GMs: Never put yourselves on a pedestal

Posted: July 28, 2016 by pointyman2000 in Articles, Roleplaying Games
Tags: ,

One of the longest running myths in RPGs is that a GM is somehow “better” than Players. Sure it’s not always expressed as such, but the sentiment remains. There’s always talk of the GM being the one to make the big sacrifices, that GMing is busy, thankless work. GMs should be afforded respect and admiration for taking on the burden of planning and running games to his fortunate players, who just show up on game day with their dice (and sometimes not even that!)

I’m starting to see that this is a bad point of view to have (and to encourage.) GMs are simply participants in the group activity of an RPG, the same way players are. We all come together to play the game, and each of us has a part to play in making the activity work. More traditional systems have a clear GM-Player role description, while modern systems have begun to blur the lines, giving Players more and more narrative control to the point that being a GM is almost indistinguishable as being a Player.

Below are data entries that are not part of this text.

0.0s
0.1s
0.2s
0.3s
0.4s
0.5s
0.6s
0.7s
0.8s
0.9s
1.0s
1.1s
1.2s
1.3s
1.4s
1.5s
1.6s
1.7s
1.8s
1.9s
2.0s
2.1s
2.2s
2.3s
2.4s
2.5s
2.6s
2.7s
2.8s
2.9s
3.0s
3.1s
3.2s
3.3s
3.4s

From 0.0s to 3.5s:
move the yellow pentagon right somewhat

The real concern about the mindset of the GM as a long suffering hero is that it enables a form of inequality. Suddenly, GMs matter more by virtue of the tasks that they do. While players, being “just” players, are beholden to the GM. This is a slippery sort of situation that could easily lead to the GMs perceiving themselves as an elite subset of the RPG population… and that kind of thinking leads to a culture and mindset of entitlement.

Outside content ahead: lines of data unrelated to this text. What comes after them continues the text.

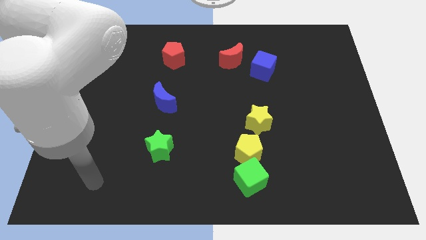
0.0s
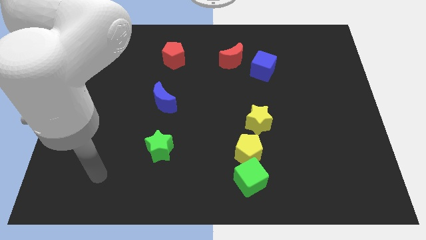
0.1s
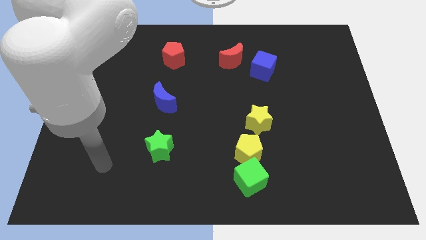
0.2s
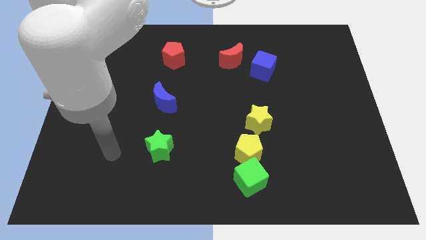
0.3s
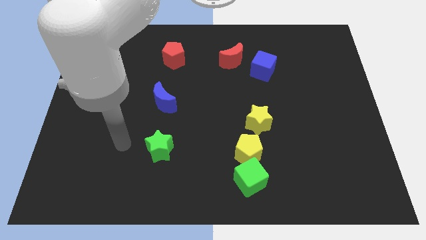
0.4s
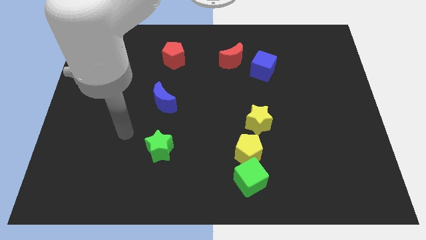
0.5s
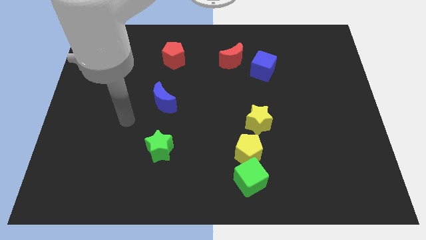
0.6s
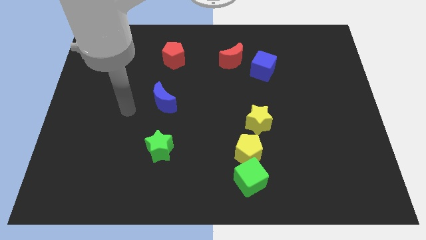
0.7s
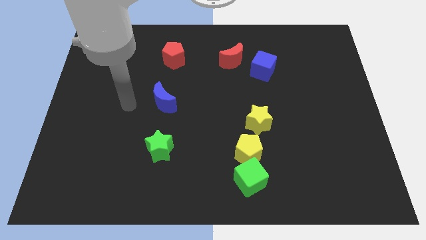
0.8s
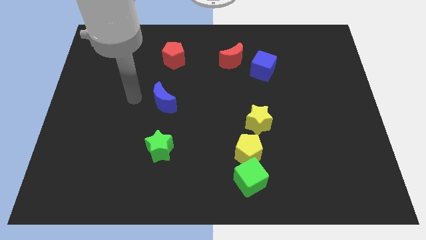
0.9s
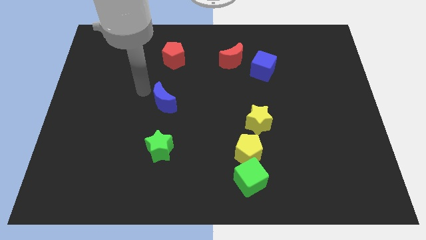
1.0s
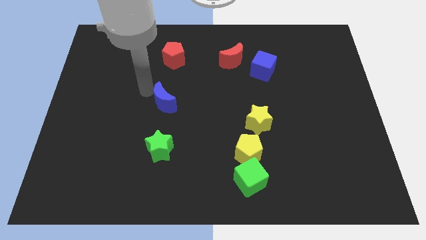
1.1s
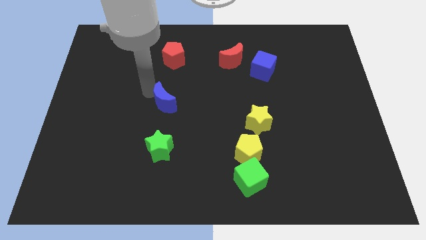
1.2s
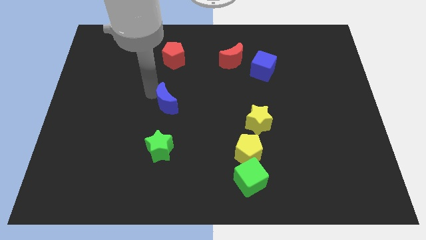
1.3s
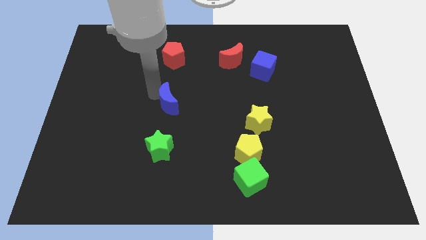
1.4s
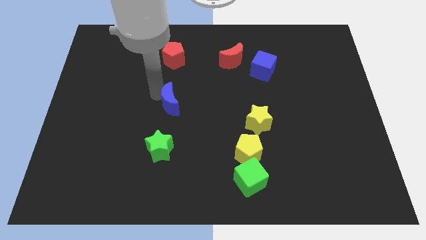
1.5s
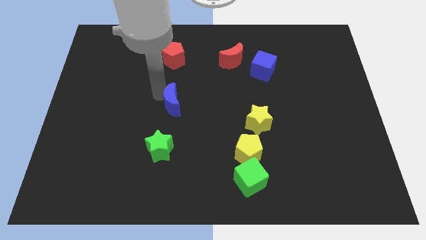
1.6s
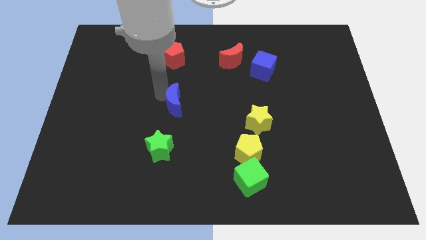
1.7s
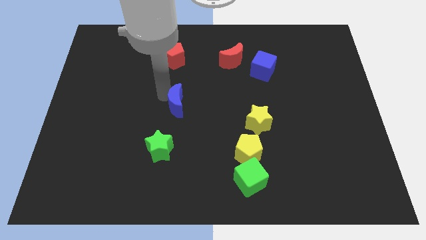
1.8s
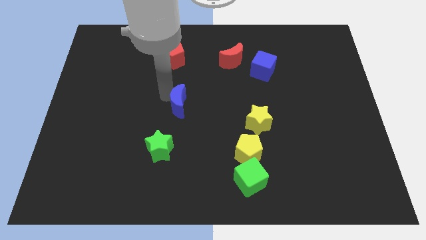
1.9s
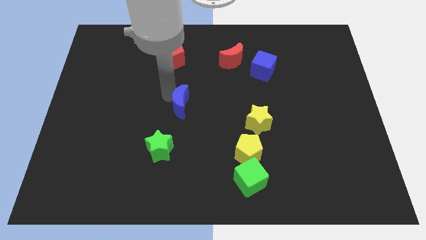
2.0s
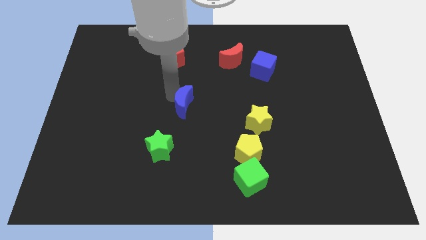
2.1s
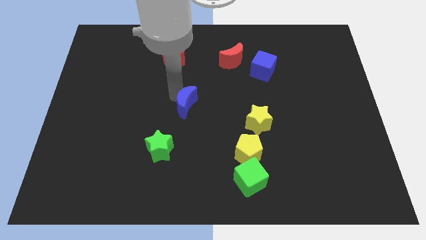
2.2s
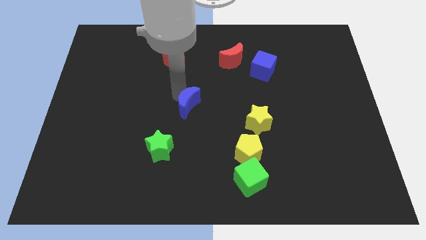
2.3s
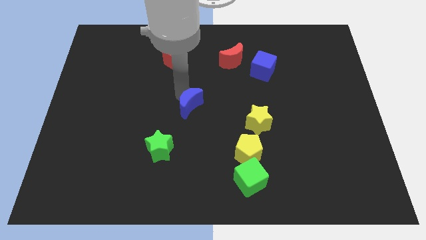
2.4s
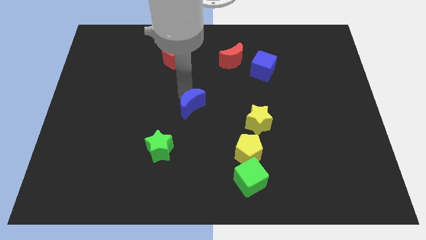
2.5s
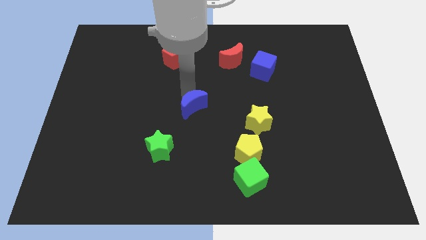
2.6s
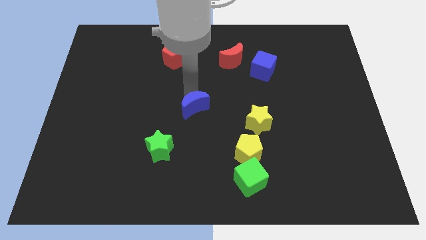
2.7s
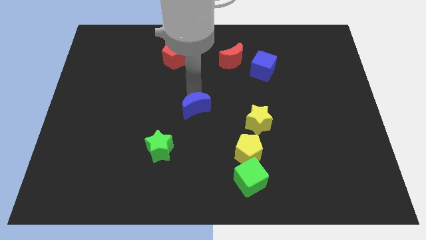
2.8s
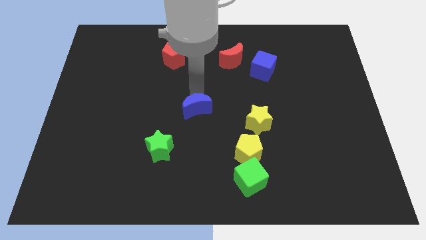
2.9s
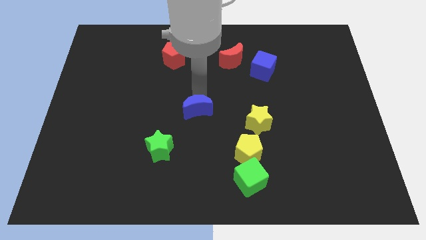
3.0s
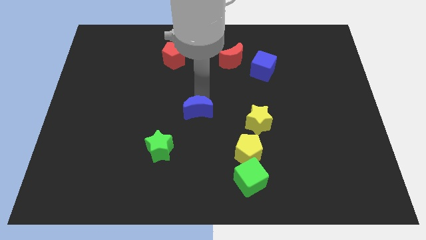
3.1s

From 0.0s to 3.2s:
slightly move the blue moon downwards and to the right diagonally

I can’t always speak for other GMs, but when I run a game, it’s because I derive great personal joy from being able to craft a story from my player’s actions and deliver surprising moments where they get to be big damn heroes. Sure there’s work in the form of world building and such, but it’s not a burden, and certainly not one that I’d blame on the players.

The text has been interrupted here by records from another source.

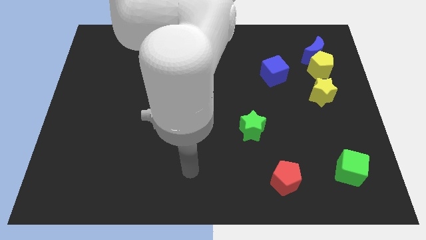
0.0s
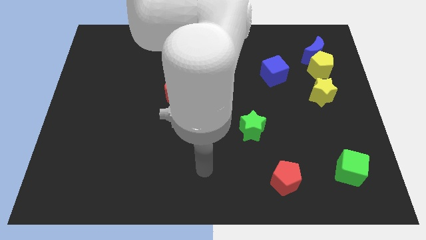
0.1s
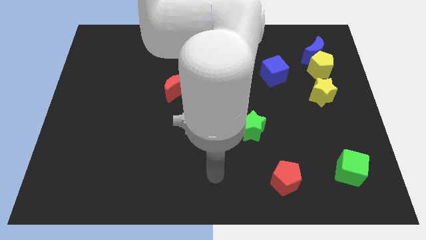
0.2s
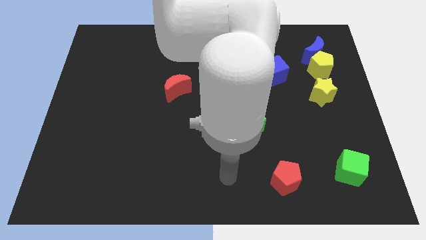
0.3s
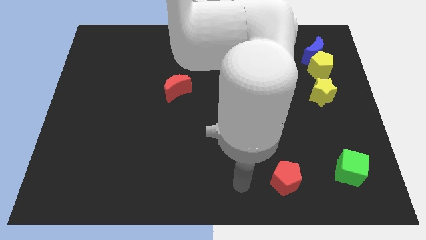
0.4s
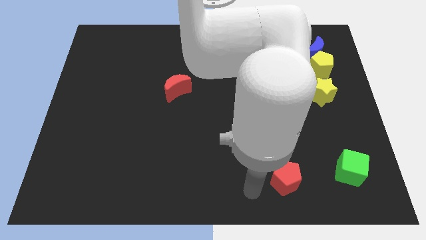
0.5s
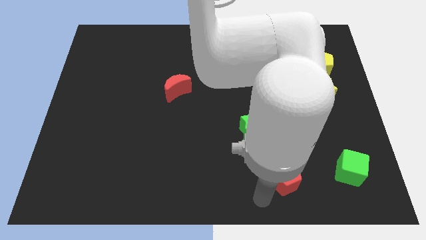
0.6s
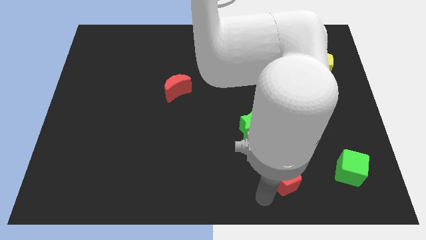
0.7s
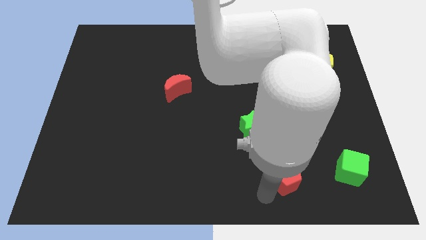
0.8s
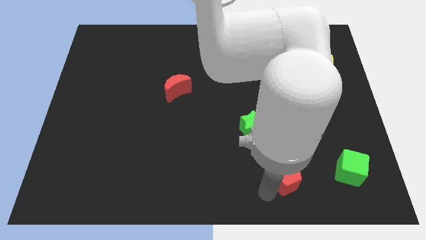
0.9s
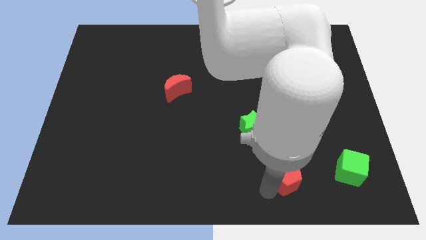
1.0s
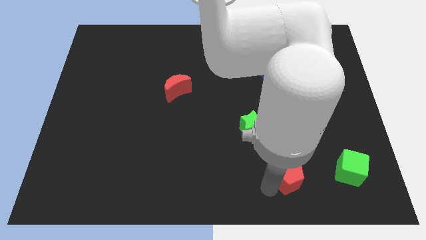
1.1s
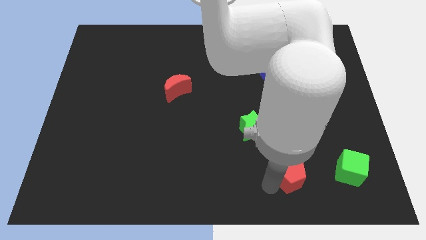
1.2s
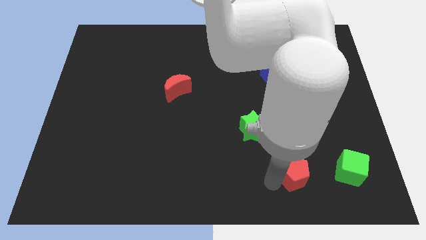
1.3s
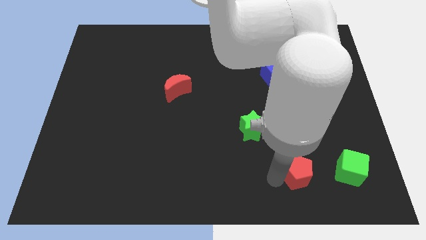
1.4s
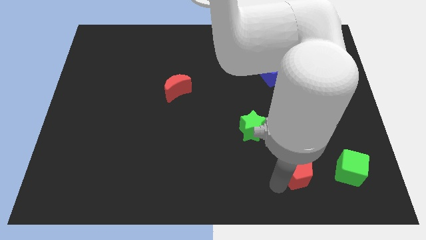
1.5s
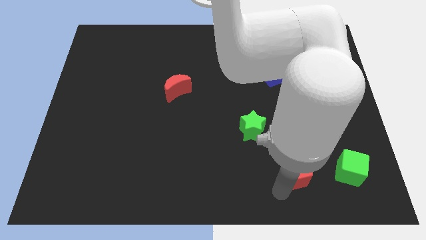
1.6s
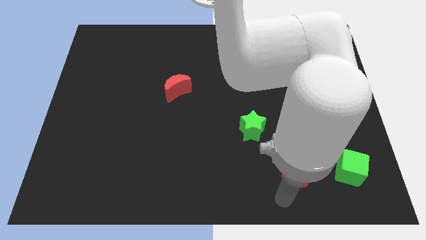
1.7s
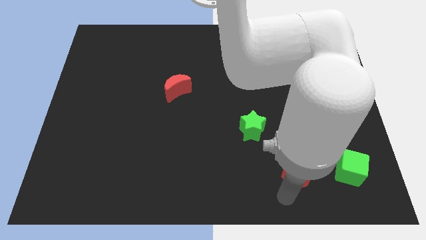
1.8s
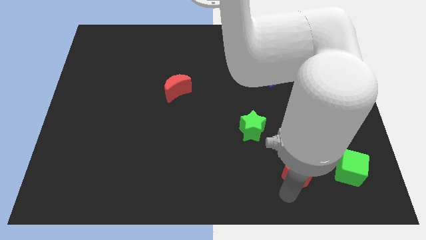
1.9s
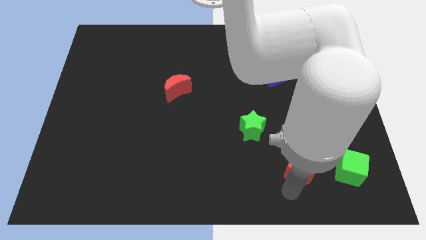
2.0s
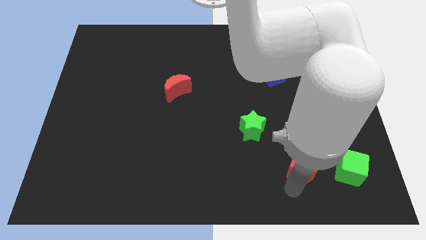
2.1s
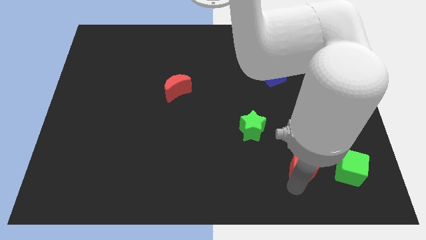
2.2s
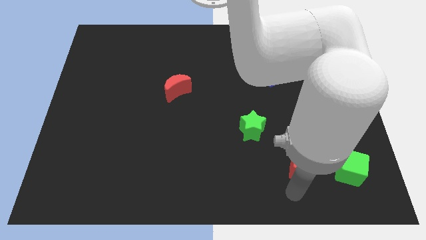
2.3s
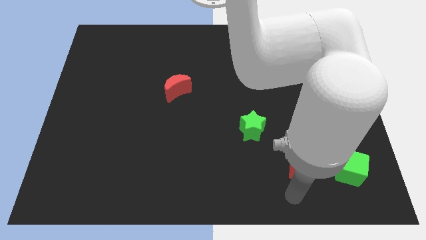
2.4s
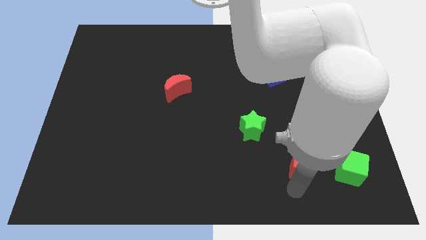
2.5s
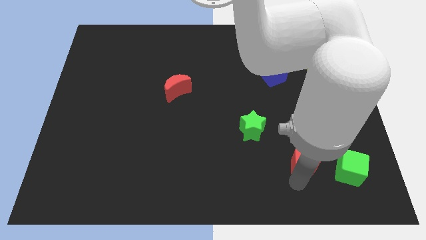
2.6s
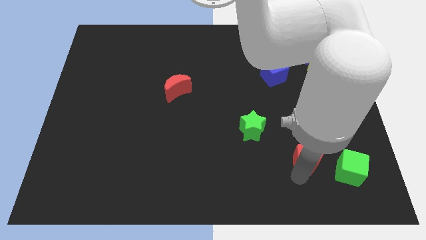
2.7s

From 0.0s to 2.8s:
slightly slide the red pentagon upwards and right diagonally

So given that we’ve identified that this sort of GM Elitism is a disservice to yourself and the people you play with, what can a GM do? Well, self awareness and reflection helps. It’s easy to fall into the trap where you start dismissing Player opinions on improving the game simply on the basis that they aren’t GMs.

Remember, the GM is still part of the same team. Sure you serve a different role in the activity, but that’s just like saying a Goalie is more important than any other player in a football team. They do different things, but one is never more inherently important than the other.